Unlike general belief, scuba diving does not require superhuman swimming powers. The equipment makes it possible and your attitude makes it simple. The goal of scuba diving is to spend as little energy as possible while diving. The more relaxed you are longer your supply of air will last. In aviation, while flying you control your rate of climb or descend with engine power/thrust, whereas, during scuba diving, the diver uses his lungs like bellows to control buoyancy and achieve weightlessness. This minimizes the effort of swimming to maintain depth and therefore reduces gas consumption.
It is all very sensual, surreal. Hanging 30 feet underwater, the ocean is more lively and brisk sans waves. As in dreams and/or flying the point of scuba diving is not to focus on yourself, but it is on the beauty of the underwater world. There is nothing to be accomplished on dive except to explore and celebrate life. The deep blue world to which you surrender completely.
Every time you dive, you hope you’ll see something new — some new species. Sometimes the ocean gives you a gift, sometimes it doesn’t. You learn to be patient and restrain yourself. You allow the fishes to swim to you rather you doing it and scaring them and running out of oxygen. You learn to be smart. I respect the unique experience of each dive.

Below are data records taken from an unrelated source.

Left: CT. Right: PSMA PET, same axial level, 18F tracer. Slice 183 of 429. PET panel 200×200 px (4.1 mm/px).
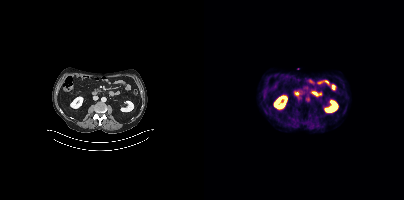
No tumor lesions annotated on this slice.
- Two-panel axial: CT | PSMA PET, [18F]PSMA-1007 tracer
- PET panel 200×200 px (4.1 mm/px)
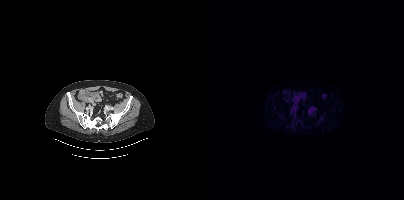
Findings: Negative for PSMA-avid disease on this slice.
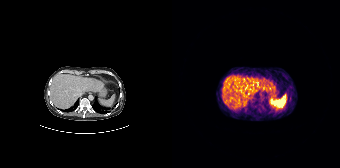
- Two-panel axial: CT | PSMA PET, 68Ga-PSMA tracer
- PET panel 168×168 px (4.1 mm/px)
Findings: No tumor lesions annotated on this slice.
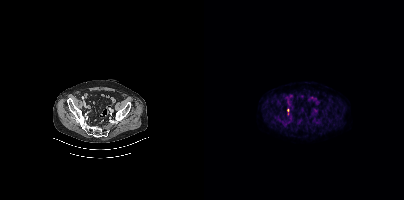
Coordinates are on the 200×200 PET (right) panel. (showing 1 of 2 foci) Small PSMA-avid focus (2 to 4 px across) near (center x, center y): (83, 114).
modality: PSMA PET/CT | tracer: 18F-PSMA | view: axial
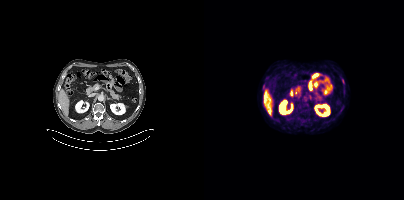
Coordinates are on the 200×200 PET (right) panel. Small PSMA-avid focus (2 to 4 px across) near (center x, center y): (139, 80).
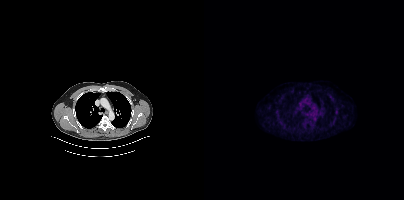
This slice has no annotated PSMA-avid lesion.
modality: PSMA PET/CT | tracer: 18F | view: axial | PET grid: 200×200
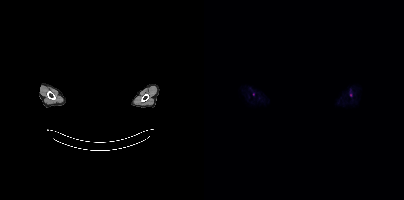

For most people, this is as close to being an astronaut as you’ll ever get. It’s leaving planet Earth behind and entering an alien world.
Mary Frances Emmons
Humans are terrestrial animals and both water and air are essential for existence on land but we can not naturally survive either in water or in air. With each dive, you learn to lose one’s own point of view and discover a new perspective of life. The diver acquires a new weightless outlook. Politically left or right, heavy as sin or lightness of virtue, right or wrong, morally straight or corrupt, the diver sheds everything. Or is it an unfamiliar environment mixed with constant threat leading to anxiety and terror? Sometimes, exhilaration grows into disorientation. You have got to think and make your own choice. This brings us to the most prominent question why diving? I tell them it is like going to a different world. For me, it is like going to outer space. The same feeling of floating in a spacesuit. The same feeling of life slowing down when you go supersonic in a fighter jet. And what a better way to spend holidays- wake up, eat breakfast, dive, lunch, sleep, dive, enjoy evening tea with another beautiful sunset, dinner, some small talk about the days diving, and sleep again … very relaxing.